- [Problem to work on] Below are records to repeat exactly; do not include any pictures.

* * * * *

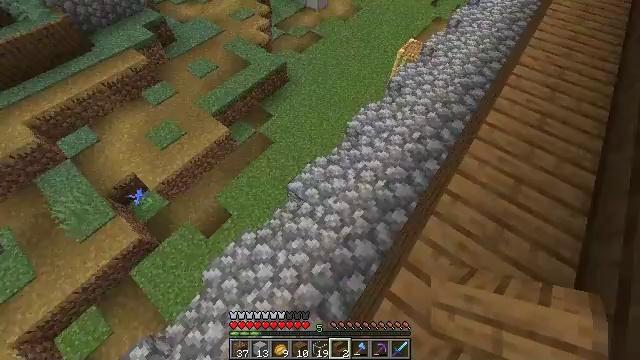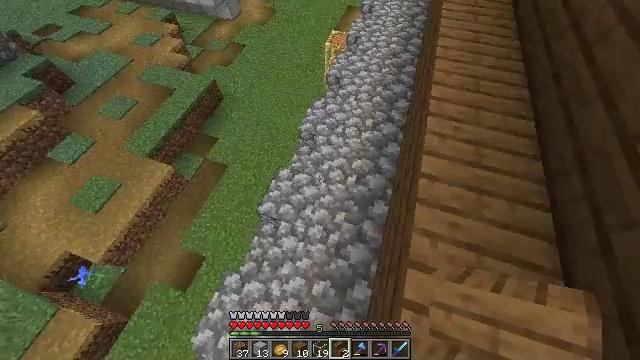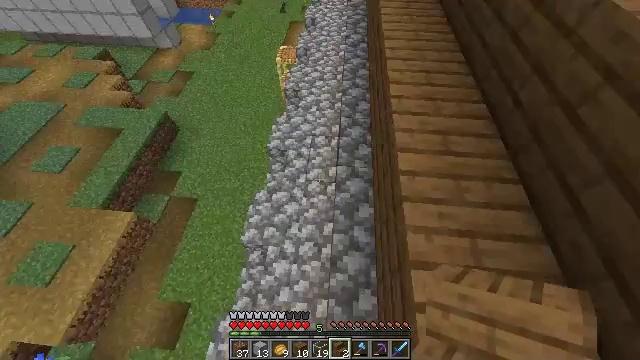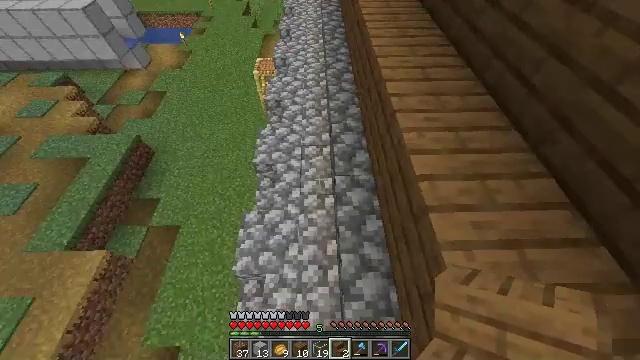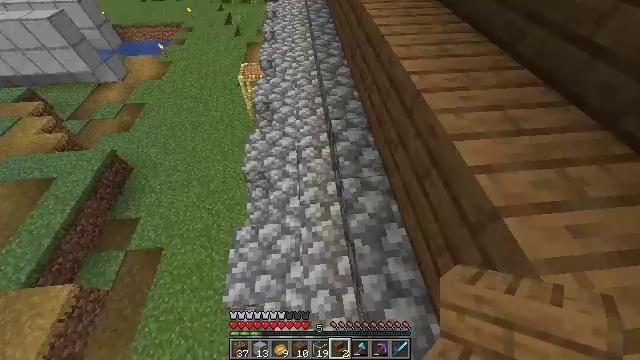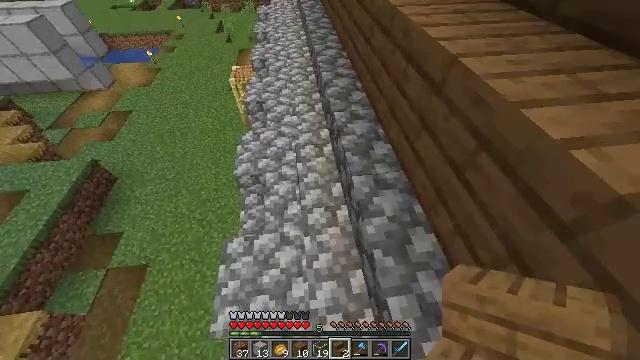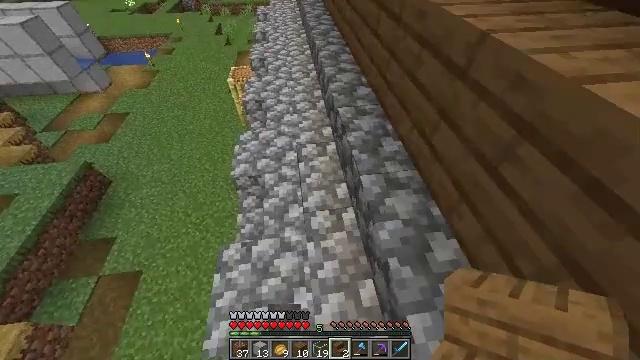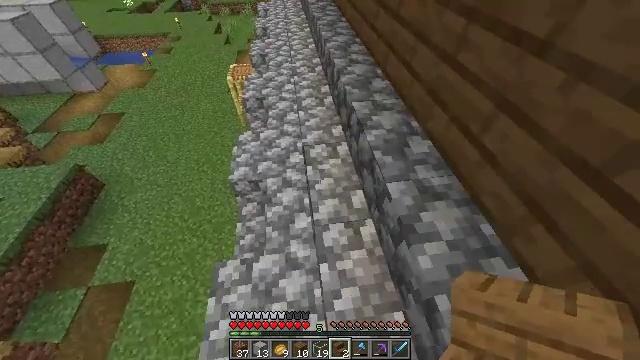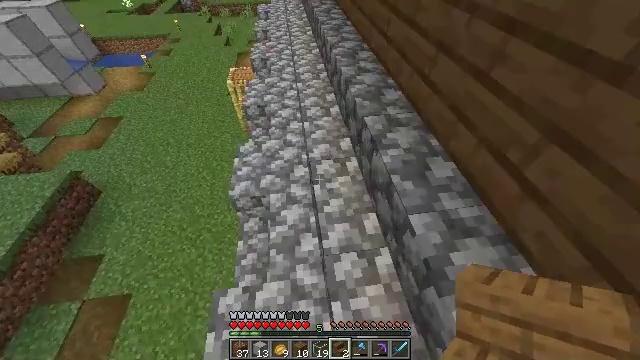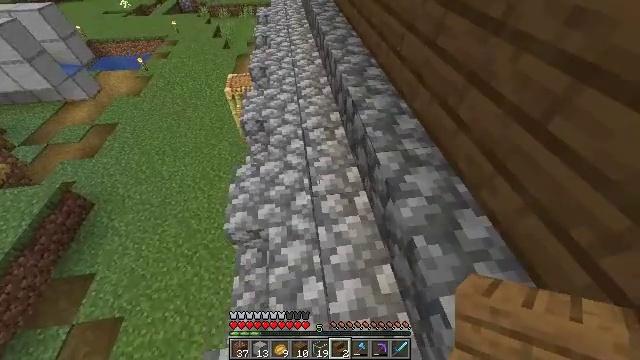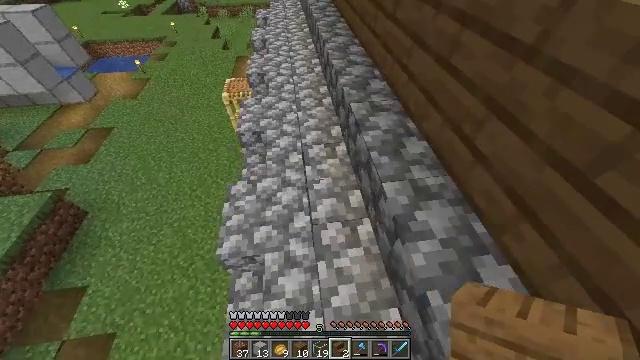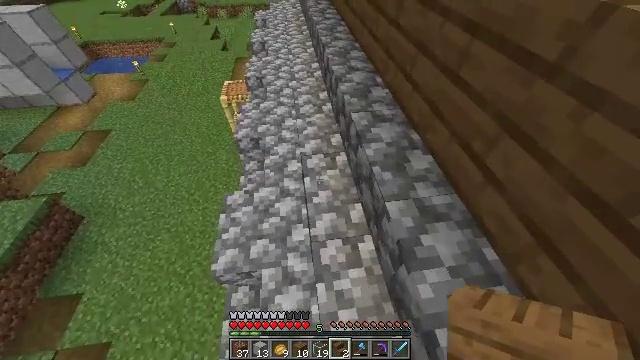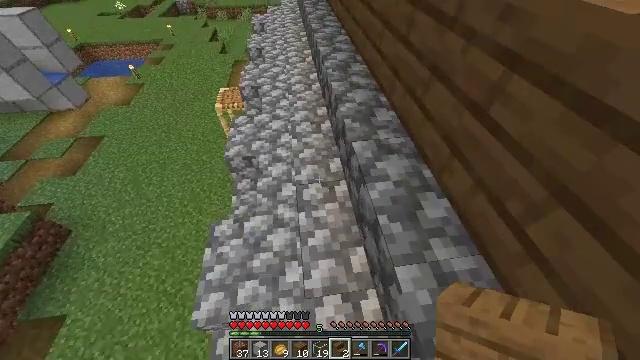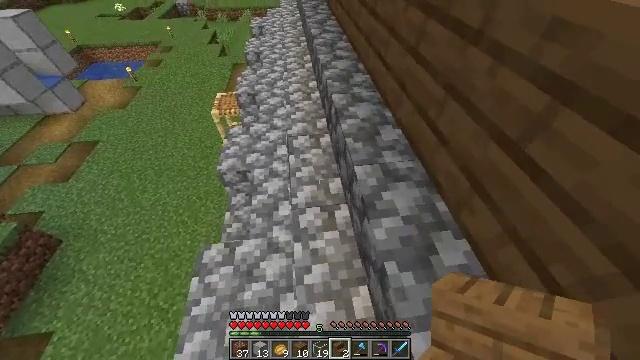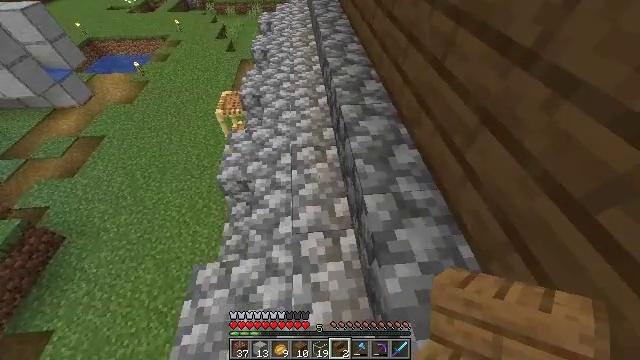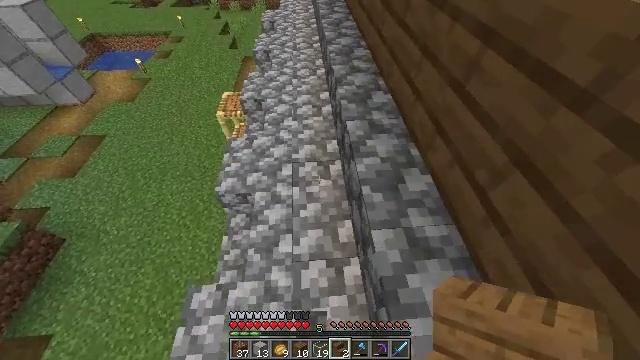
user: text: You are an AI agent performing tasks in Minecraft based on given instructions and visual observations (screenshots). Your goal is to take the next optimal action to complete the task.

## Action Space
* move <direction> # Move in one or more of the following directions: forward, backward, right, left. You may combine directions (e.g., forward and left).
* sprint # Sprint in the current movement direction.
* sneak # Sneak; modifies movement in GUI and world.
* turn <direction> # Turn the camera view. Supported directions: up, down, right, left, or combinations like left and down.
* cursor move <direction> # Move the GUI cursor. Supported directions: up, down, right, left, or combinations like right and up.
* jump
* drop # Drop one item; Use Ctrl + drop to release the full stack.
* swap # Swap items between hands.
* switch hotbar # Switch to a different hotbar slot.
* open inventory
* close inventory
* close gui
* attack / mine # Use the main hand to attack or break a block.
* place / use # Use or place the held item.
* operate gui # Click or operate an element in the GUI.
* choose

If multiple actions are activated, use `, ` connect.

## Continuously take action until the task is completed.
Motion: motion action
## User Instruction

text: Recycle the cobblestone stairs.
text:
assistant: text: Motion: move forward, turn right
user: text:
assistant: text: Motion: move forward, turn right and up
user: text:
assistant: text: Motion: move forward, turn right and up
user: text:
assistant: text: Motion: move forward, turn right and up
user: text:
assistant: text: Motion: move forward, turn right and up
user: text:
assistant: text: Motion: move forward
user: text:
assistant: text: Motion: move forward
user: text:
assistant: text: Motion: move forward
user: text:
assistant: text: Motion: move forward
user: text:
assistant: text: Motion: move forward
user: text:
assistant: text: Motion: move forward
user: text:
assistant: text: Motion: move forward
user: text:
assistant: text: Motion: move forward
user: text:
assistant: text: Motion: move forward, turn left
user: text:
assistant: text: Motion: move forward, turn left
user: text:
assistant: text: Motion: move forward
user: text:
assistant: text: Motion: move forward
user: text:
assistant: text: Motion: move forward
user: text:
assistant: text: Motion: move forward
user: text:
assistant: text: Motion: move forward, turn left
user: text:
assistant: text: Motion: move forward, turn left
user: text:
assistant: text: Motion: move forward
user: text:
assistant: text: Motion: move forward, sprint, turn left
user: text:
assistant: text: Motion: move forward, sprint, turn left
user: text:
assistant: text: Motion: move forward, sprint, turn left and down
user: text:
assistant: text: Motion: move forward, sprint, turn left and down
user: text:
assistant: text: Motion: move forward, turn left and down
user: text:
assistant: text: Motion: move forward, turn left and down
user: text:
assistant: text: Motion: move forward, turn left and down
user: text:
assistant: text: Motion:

* * * * *

- [Result]
user: text: You are an AI agent performing tasks in Minecraft based on given instructions and visual observations (screenshots). Your goal is to take the next optimal action to complete the task.

## Action Space
* move <direction> # Move in one or more of the following directions: forward, backward, right, left. You may combine directions (e.g., forward and left).
* sprint # Sprint in the current movement direction.
* sneak # Sneak; modifies movement in GUI and world.
* turn <direction> # Turn the camera view. Supported directions: up, down, right, left, or combinations like left and down.
* cursor move <direction> # Move the GUI cursor. Supported directions: up, down, right, left, or combinations like right and up.
* jump
* drop # Drop one item; Use Ctrl + drop to release the full stack.
* swap # Swap items between hands.
* switch hotbar # Switch to a different hotbar slot.
* open inventory
* close inventory
* close gui
* attack / mine # Use the main hand to attack or break a block.
* place / use # Use or place the held item.
* operate gui # Click or operate an element in the GUI.
* choose

If multiple actions are activated, use `, ` connect.

## Continuously take action until the task is completed.
Motion: motion action
## User Instruction

text: Recycle the cobblestone stairs.
text:
assistant: text: Motion: move forward, turn right
user: text:
assistant: text: Motion: move forward, turn right and up
user: text:
assistant: text: Motion: move forward, turn right and up
user: text:
assistant: text: Motion: move forward, turn right and up
user: text:
assistant: text: Motion: move forward, turn right and up
user: text:
assistant: text: Motion: move forward
user: text:
assistant: text: Motion: move forward
user: text:
assistant: text: Motion: move forward
user: text:
assistant: text: Motion: move forward
user: text:
assistant: text: Motion: move forward
user: text:
assistant: text: Motion: move forward
user: text:
assistant: text: Motion: move forward
user: text:
assistant: text: Motion: move forward
user: text:
assistant: text: Motion: move forward, turn left
user: text:
assistant: text: Motion: move forward, turn left
user: text:
assistant: text: Motion: move forward
user: text:
assistant: text: Motion: move forward
user: text:
assistant: text: Motion: move forward
user: text:
assistant: text: Motion: move forward
user: text:
assistant: text: Motion: move forward, turn left
user: text:
assistant: text: Motion: move forward, turn left
user: text:
assistant: text: Motion: move forward
user: text:
assistant: text: Motion: move forward, sprint, turn left
user: text:
assistant: text: Motion: move forward, sprint, turn left
user: text:
assistant: text: Motion: move forward, sprint, turn left and down
user: text:
assistant: text: Motion: move forward, sprint, turn left and down
user: text:
assistant: text: Motion: move forward, turn left and down
user: text:
assistant: text: Motion: move forward, turn left and down
user: text:
assistant: text: Motion: move forward, turn left and down
user: text:
assistant: text: Motion:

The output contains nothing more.